How to complete this task: Repeat the records below exactly as they appear, leaving out any pictures.

Data supplied:
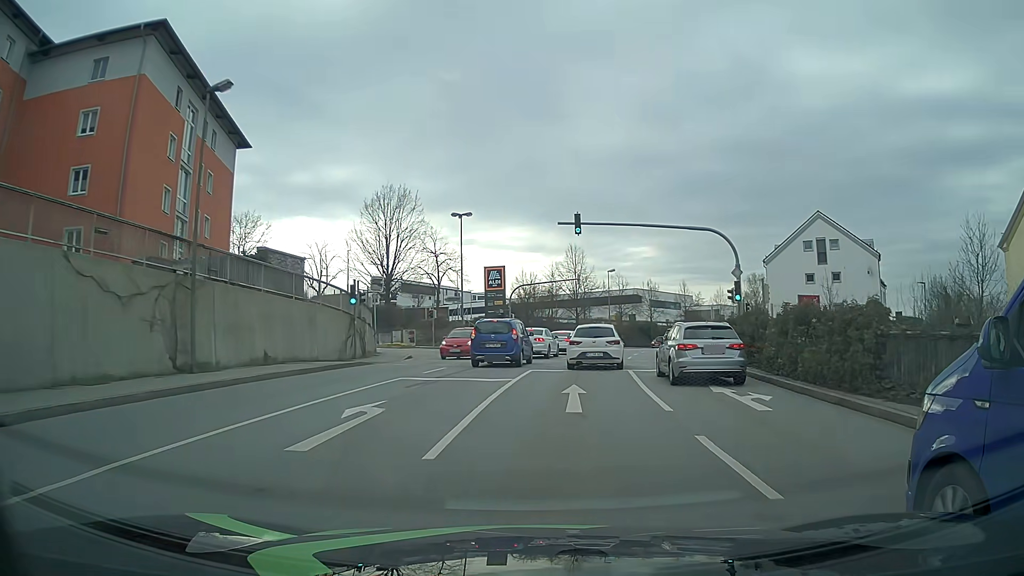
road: tertiary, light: Day
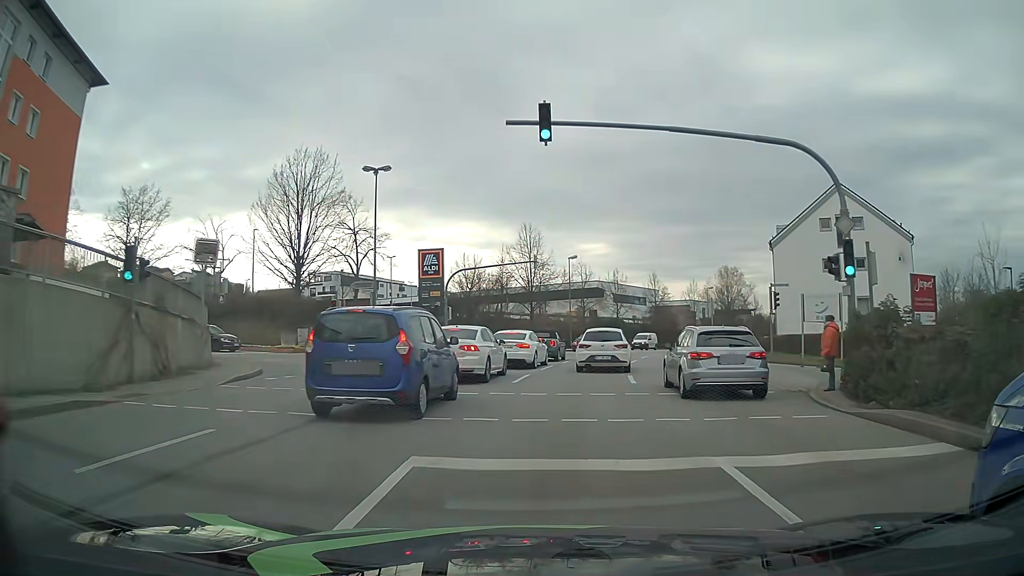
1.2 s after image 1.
(+0.5, +14.3) m; +4°
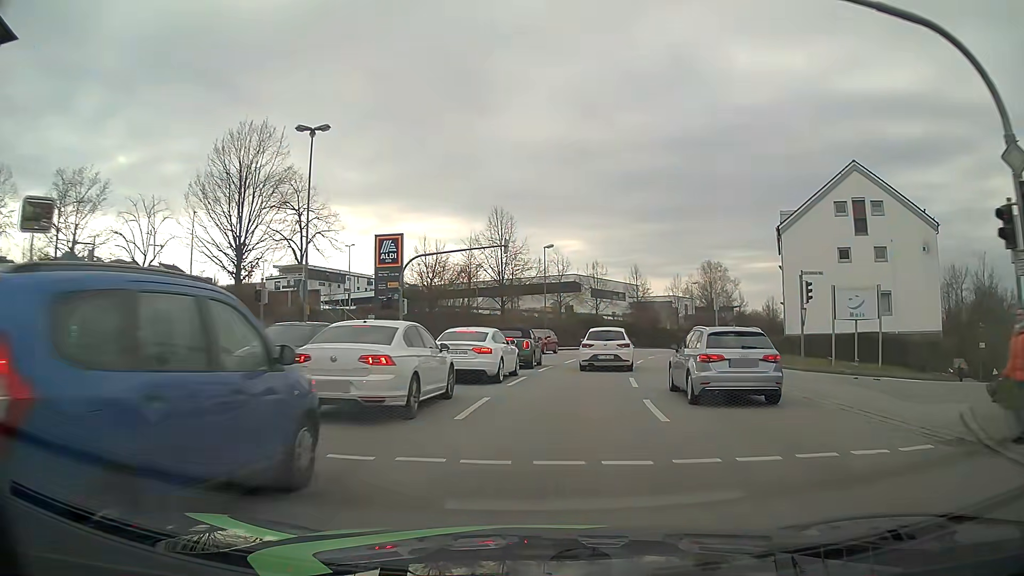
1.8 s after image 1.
(+0.1, +7.3) m; +2°
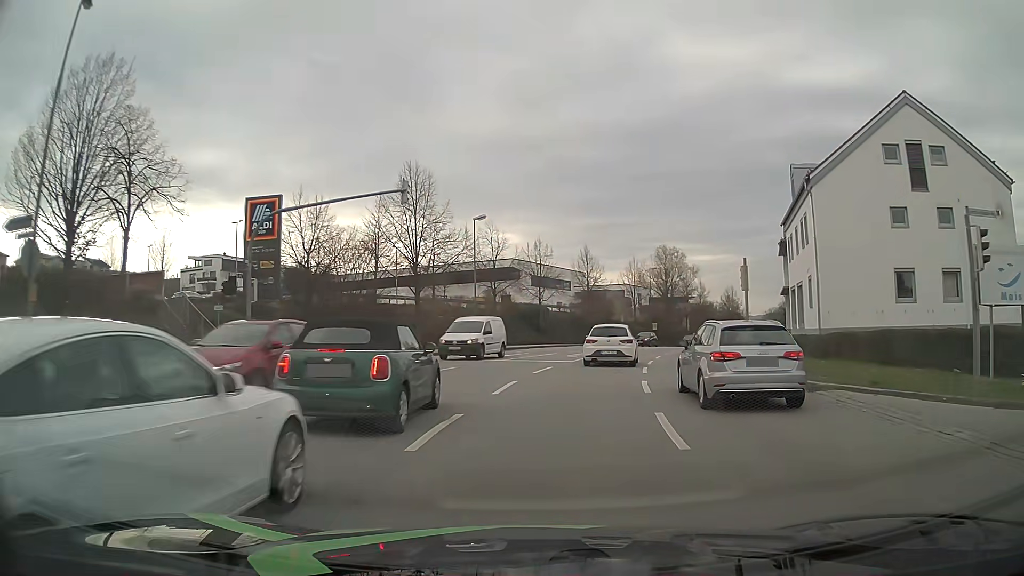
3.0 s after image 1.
(+0.8, +14.8) m; +6°
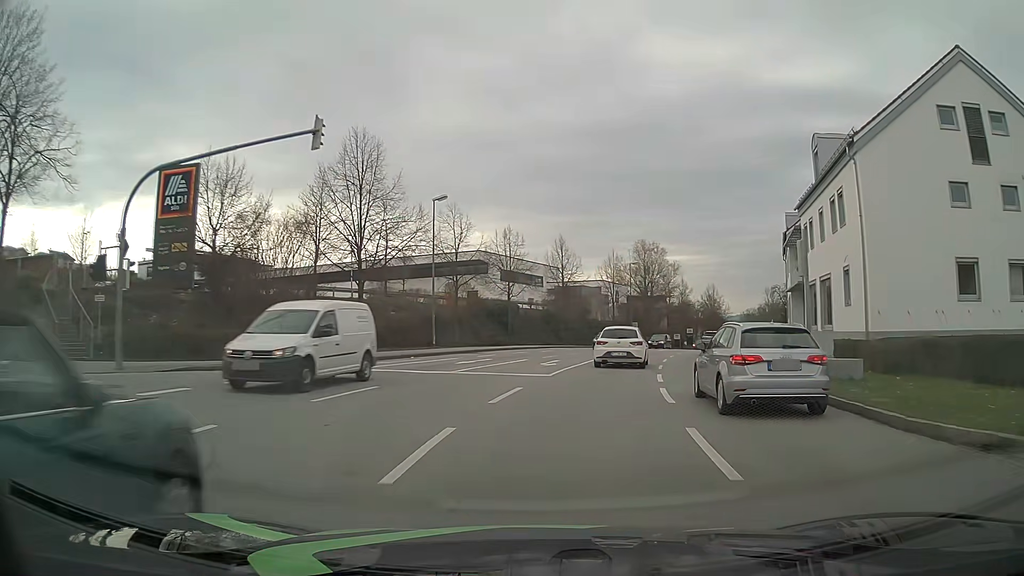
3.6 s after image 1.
(+0.1, +7.6) m; +2°
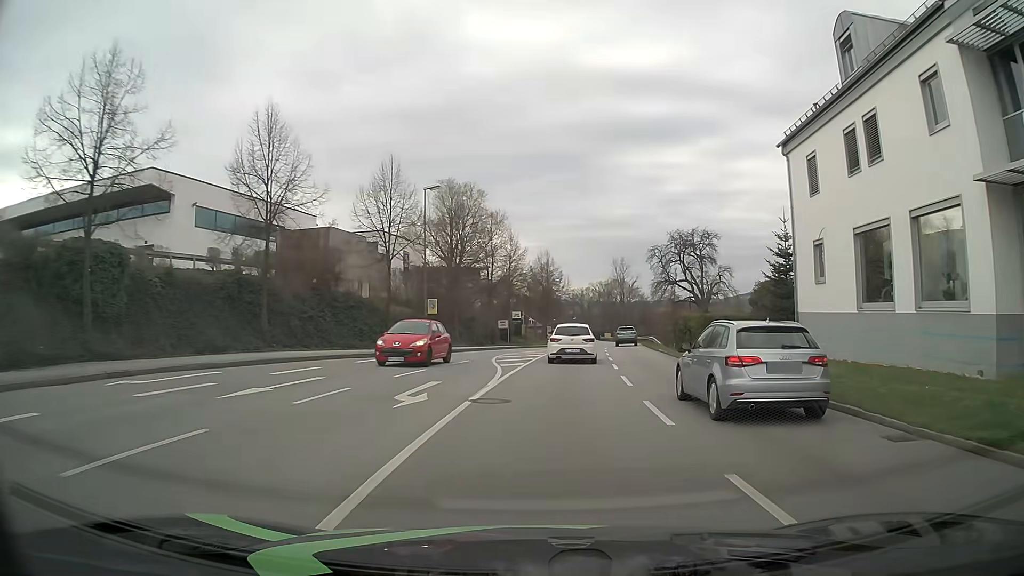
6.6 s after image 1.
(+5.7, +38.0) m; +16°
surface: asphalt
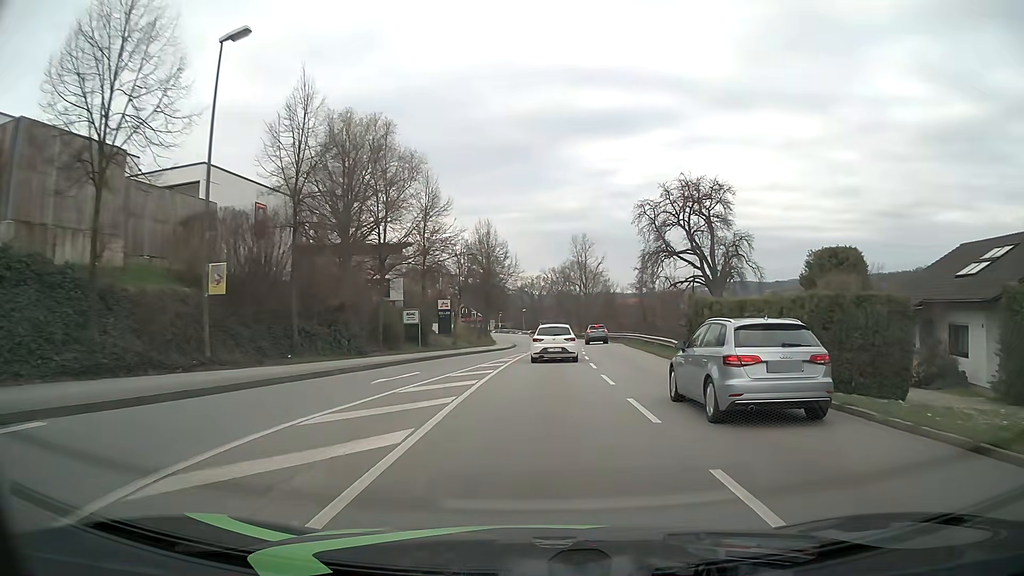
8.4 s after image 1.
(+1.2, +23.9) m; +4°
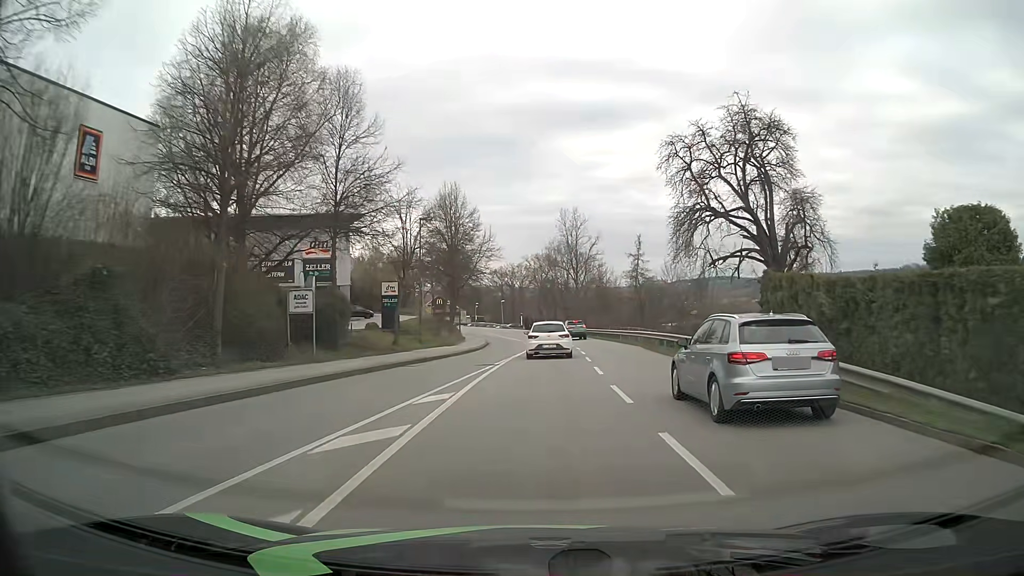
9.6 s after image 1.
(+0.3, +16.2) m; +2°
(0, +10) (0, +20) (+1, +30) (+1, +40) (+1, +50) (0, +60) (-1, +70) (-2, +80) (-3, +90) (-5, +100) m

Answer space:
road: tertiary, light: Day
1.2 s after image 1.
(+0.5, +14.3) m; +4°
1.8 s after image 1.
(+0.1, +7.3) m; +2°
3.0 s after image 1.
(+0.8, +14.8) m; +6°
3.6 s after image 1.
(+0.1, +7.6) m; +2°
6.6 s after image 1.
(+5.7, +38.0) m; +16°
surface: asphalt
8.4 s after image 1.
(+1.2, +23.9) m; +4°
9.6 s after image 1.
(+0.3, +16.2) m; +2°
(0, +10) (0, +20) (+1, +30) (+1, +40) (+1, +50) (0, +60) (-1, +70) (-2, +80) (-3, +90) (-5, +100) m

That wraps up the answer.